Records provided:
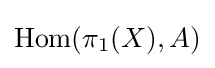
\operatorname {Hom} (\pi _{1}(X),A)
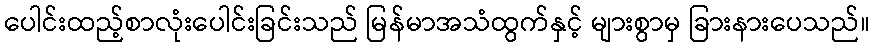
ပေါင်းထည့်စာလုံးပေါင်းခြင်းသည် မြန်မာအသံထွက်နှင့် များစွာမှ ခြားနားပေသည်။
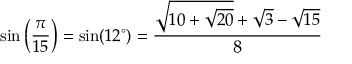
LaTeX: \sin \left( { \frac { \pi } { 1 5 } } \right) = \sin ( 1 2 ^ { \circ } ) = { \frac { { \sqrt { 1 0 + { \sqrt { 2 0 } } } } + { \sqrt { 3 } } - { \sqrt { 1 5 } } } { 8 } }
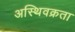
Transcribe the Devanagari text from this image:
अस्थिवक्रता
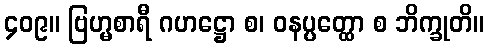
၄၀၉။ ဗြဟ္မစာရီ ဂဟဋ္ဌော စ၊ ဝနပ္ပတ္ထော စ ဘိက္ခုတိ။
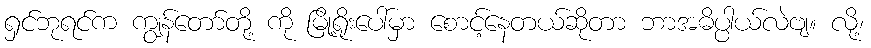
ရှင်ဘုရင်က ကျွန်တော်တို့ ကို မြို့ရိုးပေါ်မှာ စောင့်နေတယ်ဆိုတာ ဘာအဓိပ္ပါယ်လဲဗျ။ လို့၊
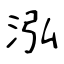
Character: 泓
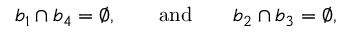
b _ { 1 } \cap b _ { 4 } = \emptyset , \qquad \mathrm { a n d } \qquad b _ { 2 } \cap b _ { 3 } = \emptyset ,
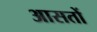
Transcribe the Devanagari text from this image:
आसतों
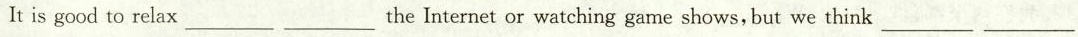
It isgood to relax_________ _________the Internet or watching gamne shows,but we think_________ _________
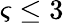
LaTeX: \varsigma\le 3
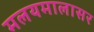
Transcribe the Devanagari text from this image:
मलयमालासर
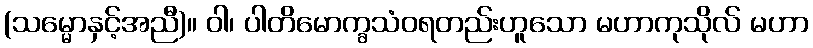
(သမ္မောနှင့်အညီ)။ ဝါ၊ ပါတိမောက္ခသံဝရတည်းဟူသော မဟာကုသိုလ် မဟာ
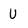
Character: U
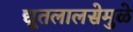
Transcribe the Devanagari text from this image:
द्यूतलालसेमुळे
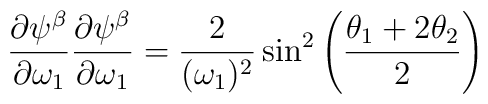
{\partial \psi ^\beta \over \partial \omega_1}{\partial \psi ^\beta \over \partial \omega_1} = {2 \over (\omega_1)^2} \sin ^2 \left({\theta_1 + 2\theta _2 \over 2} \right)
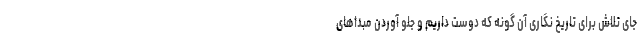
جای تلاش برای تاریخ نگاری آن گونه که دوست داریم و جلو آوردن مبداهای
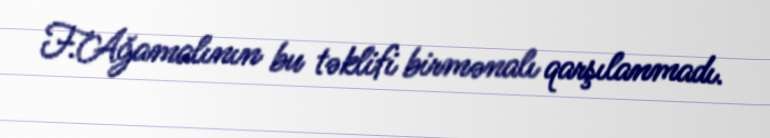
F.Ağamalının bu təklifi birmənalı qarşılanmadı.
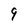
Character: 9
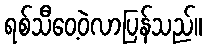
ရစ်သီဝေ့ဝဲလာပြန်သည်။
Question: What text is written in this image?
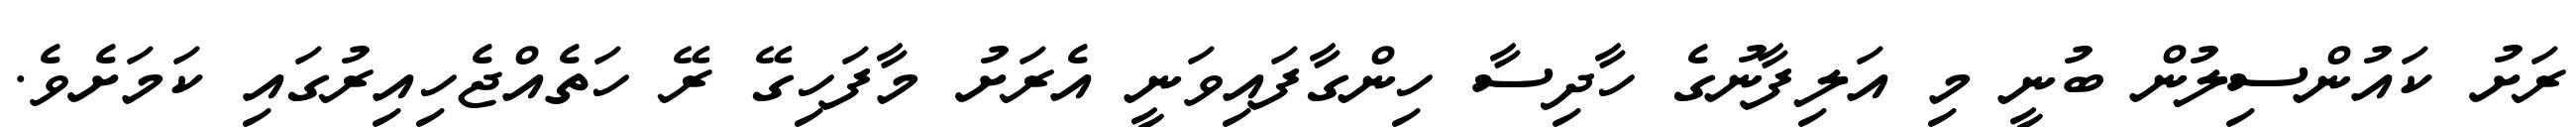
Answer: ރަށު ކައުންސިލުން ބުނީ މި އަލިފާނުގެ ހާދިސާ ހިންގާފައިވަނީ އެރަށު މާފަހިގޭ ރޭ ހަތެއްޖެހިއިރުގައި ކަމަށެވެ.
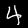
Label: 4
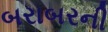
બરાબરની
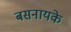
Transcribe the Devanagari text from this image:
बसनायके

Problem statement:
Please copy out from the data above, without any picture, exactly the lines running from the one that holds "Character: 泓" through the one that holds "LaTeX: \varsigma\le 3", and nothing beyond them.

Answer to the exercise:
Character: 泓
b _ { 1 } \cap b _ { 4 } = \emptyset , \qquad \mathrm { a n d } \qquad b _ { 2 } \cap b _ { 3 } = \emptyset ,
Transcribe the Devanagari text from this image:
आसतों
It isgood to relax_________ _________the Internet or watching gamne shows,but we think_________ _________
LaTeX: \varsigma\le 3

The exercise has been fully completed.